Purpose of the Study:
- To develop and validate a novel liquid biopsy assay for pan-cancer screening and classification.
- To assess the sensitivity and specificity of the assay in distinguishing cancer patients from healthy controls.
- To evaluate the accuracy of the assay in identifying the tissue of origin for various cancer types.
Main Methods:
- Development of Multiplexed Nanomaterial-Assisted LDI for Cancer Identification (MNALCI).
- Application of MNALCI to serum samples from 1,183 individuals (950 cancer patients, 233 healthy controls) across two cohorts.
- Utilizing machine learning for analysis of mass spectrometry fingerprints from nanostructured matrixes.
Main Results:
- MNALCI achieved 93% sensitivity and 91% specificity for cancer detection in internal validation.
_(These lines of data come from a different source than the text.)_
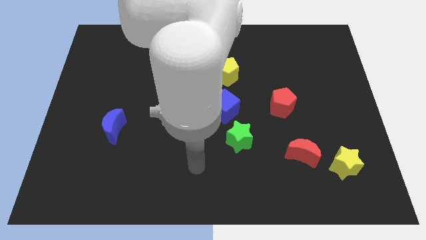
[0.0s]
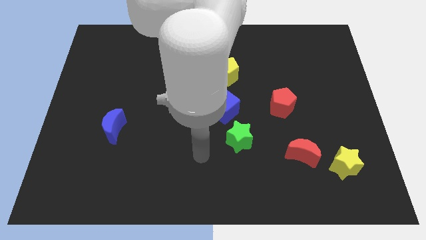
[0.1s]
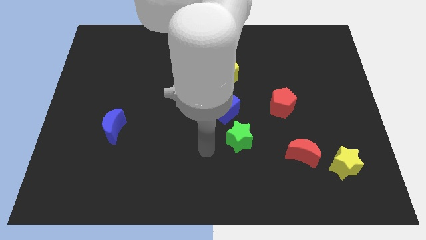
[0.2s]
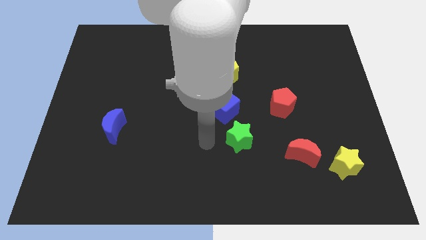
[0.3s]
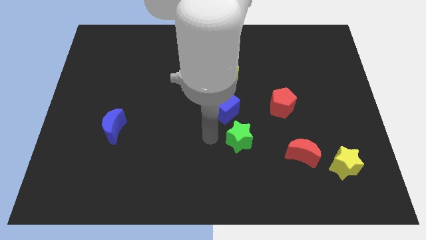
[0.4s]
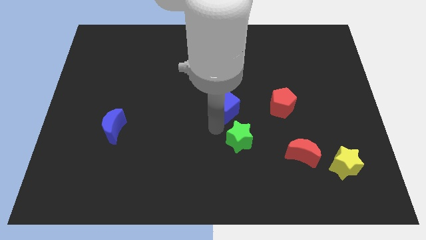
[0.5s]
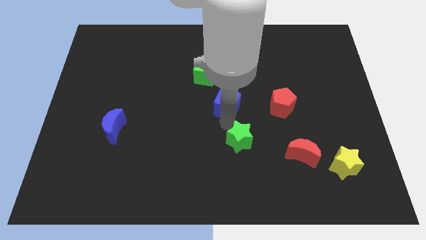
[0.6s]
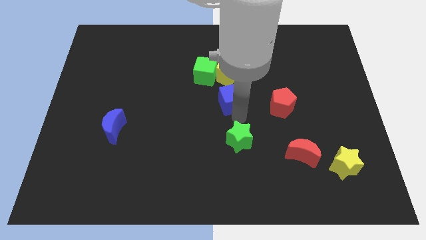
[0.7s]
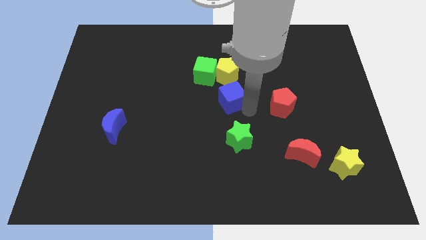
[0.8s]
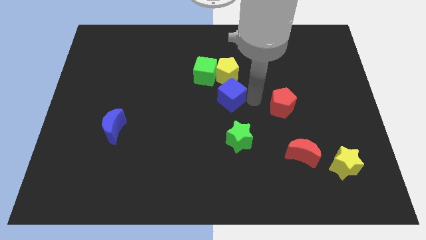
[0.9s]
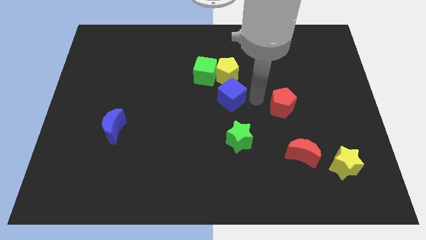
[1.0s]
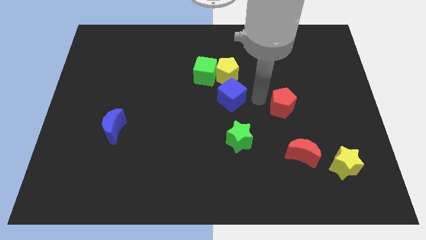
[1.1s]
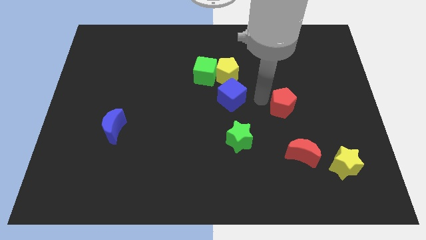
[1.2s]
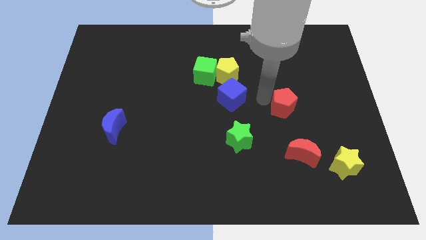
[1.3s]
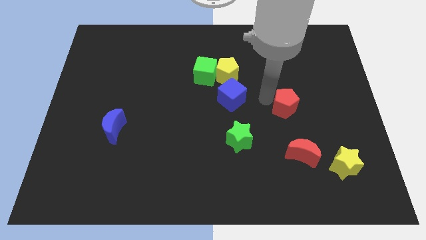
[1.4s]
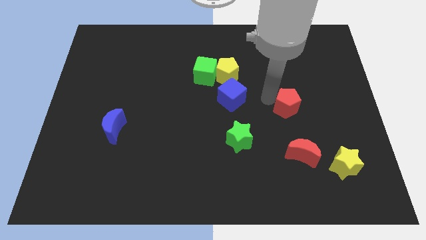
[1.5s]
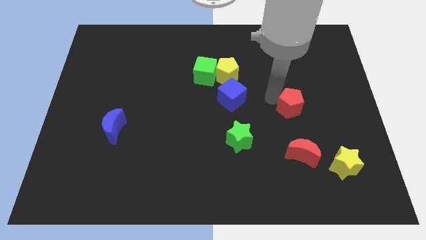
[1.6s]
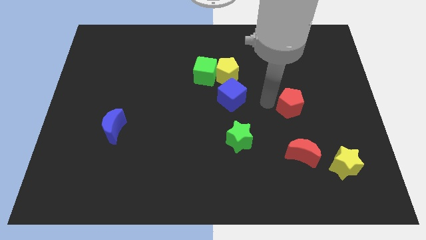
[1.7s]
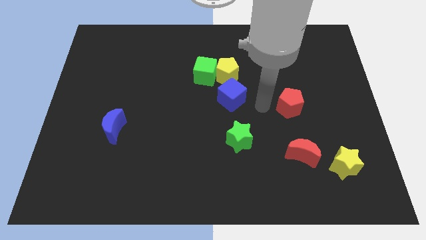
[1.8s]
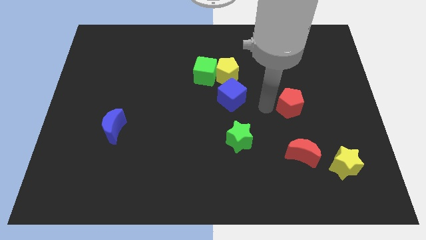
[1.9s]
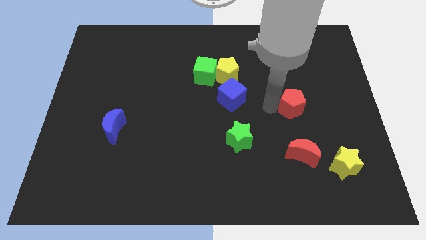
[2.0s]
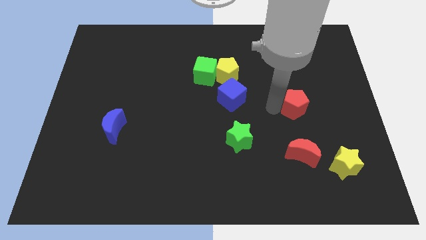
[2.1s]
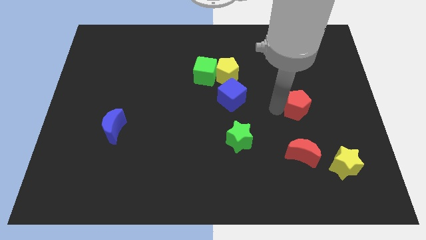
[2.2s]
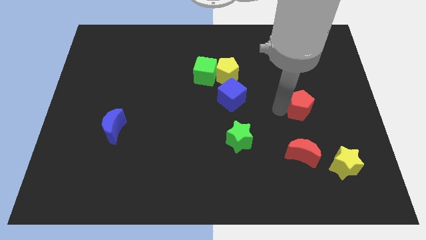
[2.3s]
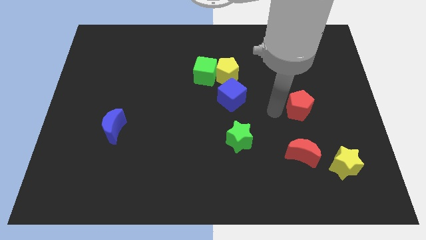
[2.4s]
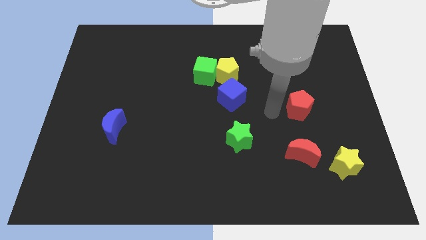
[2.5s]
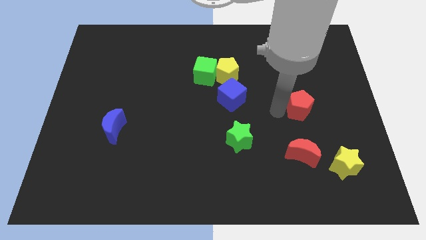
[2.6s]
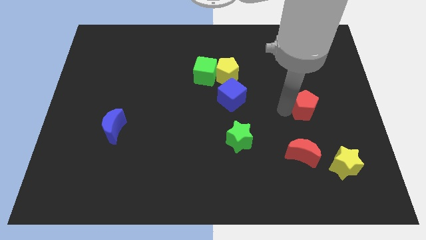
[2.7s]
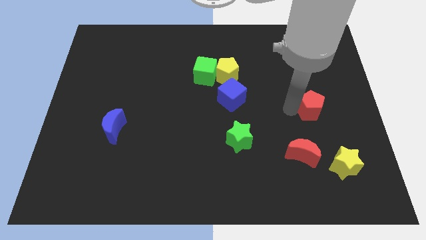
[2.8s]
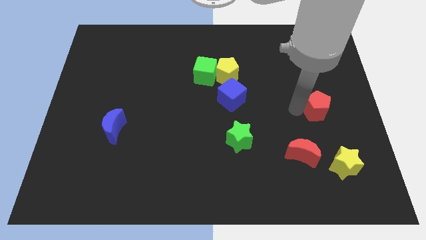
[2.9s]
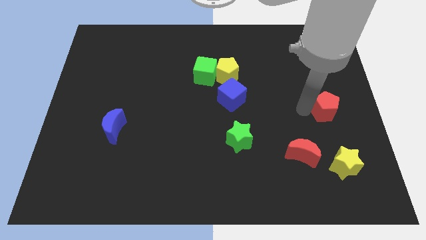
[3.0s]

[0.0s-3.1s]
slide the red pentagon to the right side

- External validation showed 84% sensitivity and 84% specificity.
- Overall accuracy for identifying tumor origin was 92% (internal) and 85% (external), with up to eight metabolite biomarkers identified.
Conclusions:
- MNALCI is a promising high-throughput, non-invasive assay for pan-cancer screening and classification.
- The assay demonstrates excellent accuracy and requires minimal sample volume.
- Metabolite profiling via LDI mass spectrometry can serve as a viable approach for early cancer diagnosis.